Now the retransmission has a smaller latency and a much smoother timing:

Teensy with UART DMA
Teensy with UART managed by DMA

The signals in the chart are:

  • RX into the Teensy (from Odroid’s TX).
  • TX from the Teensy.
  • Hardward Direction Pin.

The coding has a larger setup to configure the DMA and the UART (Teensy’s interrupt driven serial API is no longer useful), but the loop() function is now empty:

#define UART_TXRTSE (2)
#define UART_TXRTSPOL (4)

#define BAUD_RATE (1000000)

void setup() 
{
  int divisor = BAUD2DIV(BAUD_RATE);  

  // DMA:
  
  // p 415 source address = uart data register
  DMA_TCD1_SADDR = &UART0_D;

  // p 415 source address offset
  DMA_TCD1_SOFF = 0;

  // p 416 transfer attributes: 8 bits
  DMA_TCD1_ATTR = 0;

  // p 417 minor byte count = 1 byte
  DMA_TCD1_NBYTES_MLNO = 1;

  // p 420 last source address adjustment = 0
  DMA_TCD1_SLAST = 0;

  // p 420 destination address = uart data register
  DMA_TCD1_DADDR = &UART0_D;

  // p 421 destination address offset
  DMA_TCD1_DOFF = 0;

  // p 423 channel link disabled
  DMA_TCD1_CITER_ELINKNO = 1;

  // p 423 last destination address adjustment = 0
  DMA_TCD1_DLASTSGA = 0;

  // p 427 channel link disabled
  DMA_TCD1_BITER_ELINKNO = 1;
  
  // p 424 control and status = 8 cycle stall, active
  DMA_TCD1_CSR = DMA_TCD_CSR_BWC(3) | DMA_TCD_CSR_ACTIVE;

  // p 402 enable DMA REQ channel 1.
  DMA_SERQ = DMA_SERQ_SERQ(1);

  // clock setup
  // p 252-259 system clock gating
  SIM_SCGC6 |= SIM_SCGC6_DMAMUX;
  SIM_SCGC7 |= SIM_SCGC7_DMA;
  SIM_SCGC4 |= SIM_SCGC4_UART0;
  
  // wait for clocks to become stable.
  delay(500);

  // p366 dma mux channel configuration  
  DMAMUX0_CHCFG1 = DMAMUX_ENABLE | DMAMUX_SOURCE_UART0_RX;

  // UART:
  
  // p 1222 UART0 Control Register 5 request DMA on receiver full
  UART0_C5 = UART_C5_RDMAS;

  // RX TX pins
  CORE_PIN0_CONFIG = PORT_PCR_PE | PORT_PCR_PS |
                     PORT_PCR_PFE | PORT_PCR_MUX(3);

  CORE_PIN1_CONFIG = PORT_PCR_DSE | PORT_PCR_SRE |
                     PORT_PCR_MUX(3);

  // p 1208 uart0 baud rate  
  UART0_BDH = (divisor >> 13) & 0x1F;
  UART0_BDL = (divisor >> 5) & 0xFF;
  UART0_C4 = divisor & 0x1F;

  UART0_C1 = UART_C1_ILT;
  UART0_TWFIFO = 2; // tx watermark
  UART0_RWFIFO = 1; // rx watermark
  UART0_PFIFO = UART_PFIFO_TXFE | UART_PFIFO_RXFE;

  UART0_C2 = UART_C2_TE | UART_C2_RE | UART_C2_RIE;

  // enable PIN 6 as hardware transmitter RTS with active HIGH.
  CORE_PIN6_CONFIG = PORT_PCR_MUX(3);
  UART0_MODEM = UART_TXRTSE | UART_TXRTSPOL; 
}

void loop() 
{
}

 Actually, now I am running the typical ‘blink’ in the loop() function just so I know the Teensy is running.
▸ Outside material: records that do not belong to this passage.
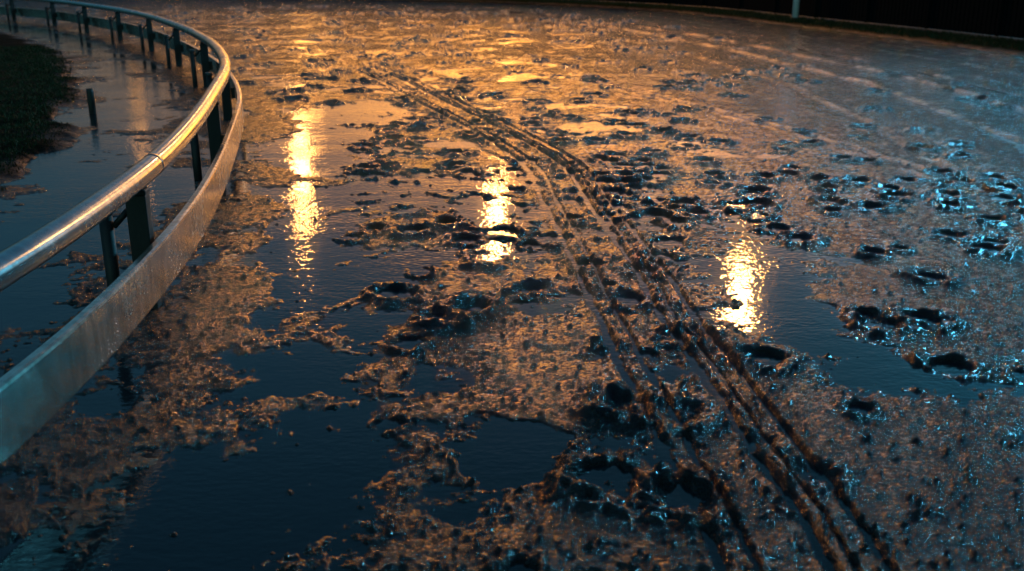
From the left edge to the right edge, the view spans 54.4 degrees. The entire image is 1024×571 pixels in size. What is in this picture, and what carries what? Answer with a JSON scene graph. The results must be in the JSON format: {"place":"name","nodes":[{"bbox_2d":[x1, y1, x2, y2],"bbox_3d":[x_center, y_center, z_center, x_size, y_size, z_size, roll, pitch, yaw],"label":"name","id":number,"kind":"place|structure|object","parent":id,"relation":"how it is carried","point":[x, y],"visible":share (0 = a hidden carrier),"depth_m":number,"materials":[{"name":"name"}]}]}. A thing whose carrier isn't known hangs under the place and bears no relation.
{"place":"outdoors","nodes":[
{"label":"outdoors","id":0,"kind":"place"},
{"bbox_2d":[0,0,1023,570],"bbox_3d":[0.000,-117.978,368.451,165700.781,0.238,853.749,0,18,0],"label":"ground","id":1,"kind":"structure","parent":0,"point":[926,482],"depth_m":5.48,"materials":[{"name":"brown soil"}]},
{"bbox_2d":[0,0,243,464],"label":"guard rail","id":2,"kind":"object","parent":1,"relation":"on","point":[41,386],"visible":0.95,"depth_m":4.74,"materials":[{"name":"metal"}]},
{"bbox_2d":[0,9,1023,570],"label":"puddle water","id":3,"kind":"structure","parent":1,"relation":"on","point":[210,507],"depth_m":4.84,"materials":[{"name":"black liquid"}]},
{"bbox_2d":[86,88,95,113],"bbox_3d":[-4.949,-2.077,11.738,0.086,0.497,0.092,0,18,0],"label":"wooden stake","id":4,"kind":"object","parent":3,"relation":"in","point":[91,100],"visible":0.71,"depth_m":11.68,"materials":[{"name":"brown wood"}]},
{"bbox_2d":[562,0,1023,40],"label":"paling fence","id":5,"kind":"object","parent":1,"relation":"on","point":[999,18],"visible":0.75,"depth_m":24.40,"materials":[{"name":"concrete"}]},
{"bbox_2d":[0,0,1023,189],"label":"grass","id":6,"kind":"structure","parent":0,"point":[761,15],"depth_m":17.74,"materials":[{"name":"green plant"}]},
{"bbox_2d":[790,0,799,18],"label":"marker pole","id":7,"kind":"object","parent":6,"relation":"on","point":[795,10],"visible":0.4,"depth_m":28.86,"materials":[{"name":"grey metal"}]}
]}

New Dynamixel Driver with a Teensy 3.2

I replaced my initial TTL prototype with a Teensy 3.2, this is a development board with a 32 bit 72MHz ARM CPU in a small 35×18 mm board.
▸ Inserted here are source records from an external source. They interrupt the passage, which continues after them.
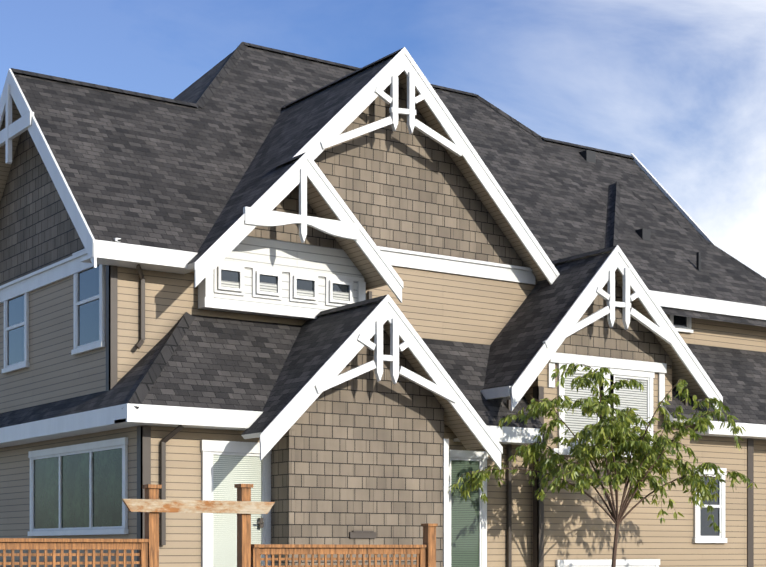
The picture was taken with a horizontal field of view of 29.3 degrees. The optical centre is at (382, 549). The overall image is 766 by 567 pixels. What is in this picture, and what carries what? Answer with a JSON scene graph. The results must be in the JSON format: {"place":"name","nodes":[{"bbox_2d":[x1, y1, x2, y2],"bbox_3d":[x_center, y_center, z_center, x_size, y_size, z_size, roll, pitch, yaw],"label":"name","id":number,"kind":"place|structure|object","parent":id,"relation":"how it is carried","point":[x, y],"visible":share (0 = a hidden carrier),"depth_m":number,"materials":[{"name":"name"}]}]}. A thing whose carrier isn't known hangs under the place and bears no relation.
{"place":"outdoors","nodes":[
{"label":"outdoors","id":0,"kind":"place"},
{"bbox_2d":[0,0,765,277],"label":"sky","id":1,"kind":"structure","parent":0,"point":[679,86],"materials":[{"name":"blue"}]},
{"label":"ground","id":2,"kind":"structure","parent":0,"visible":0},
{"bbox_2d":[0,538,148,566],"bbox_3d":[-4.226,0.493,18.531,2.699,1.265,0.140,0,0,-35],"label":"fence","id":3,"kind":"object","parent":2,"relation":"on","point":[61,544],"visible":1,"depth_m":18.69,"materials":[{"name":"brown wood"}]},
{"bbox_2d":[122,484,274,566],"bbox_3d":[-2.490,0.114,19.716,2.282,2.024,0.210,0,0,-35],"label":"arbor","id":4,"kind":"object","parent":2,"relation":"on","point":[152,505],"visible":1,"depth_m":19.62,"materials":[{"name":"brown wood"}]},
{"bbox_2d":[251,523,437,566],"bbox_3d":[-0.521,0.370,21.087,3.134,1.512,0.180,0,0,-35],"label":"fence","id":5,"kind":"object","parent":2,"relation":"on","point":[425,552],"visible":1,"depth_m":21.11,"materials":[{"name":"brown wood"}]},
{"bbox_2d":[0,42,765,566],"bbox_3d":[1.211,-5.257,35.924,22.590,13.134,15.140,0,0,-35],"label":"house","id":6,"kind":"structure","parent":2,"relation":"on","point":[316,300],"depth_m":28.59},
{"bbox_2d":[448,363,758,566],"bbox_3d":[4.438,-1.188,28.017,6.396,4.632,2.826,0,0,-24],"label":"tree","id":7,"kind":"object","parent":2,"relation":"on","point":[618,435],"visible":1,"depth_m":27.92,"materials":[{"name":"green plant"}]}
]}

Odroid-XU4, Teensy 3.2 and Servo MX-28 Setup
Odroid-XU4, Teensy 3.2 and Servo MX-28 Setup

I selected this board because it has several serial interfaces (UART) supporting:

  • 1 an 3 Mbps, baudrates that can be used with the MX-28 servo.
  • A hardware direction pin. Its hardware RTS pins can signal when the UART is transmitting, (by configuring the RTS being driven by the transmitter instead of the receiver part of the UART, sadly the Odroid-XU4 (as several other boards) does not support this option from what I gather from its available CPU documentation.

Also Teensy’s site documentation seems good enough.

Robotis documents this setup to interface a UART to the Dynamixel bus. It requires a UART and a direction pin with 5V logic:

Robotis Citcuit Interface to Dynamixel Bus
Robotis Citcuit Interface to Dynamixel Bus

So by placing a Teensy 3.2 between the Odroid-XU4 and the Dynamixel bus I can generate the direction pin by hardware instead of a delay-prone software implementation.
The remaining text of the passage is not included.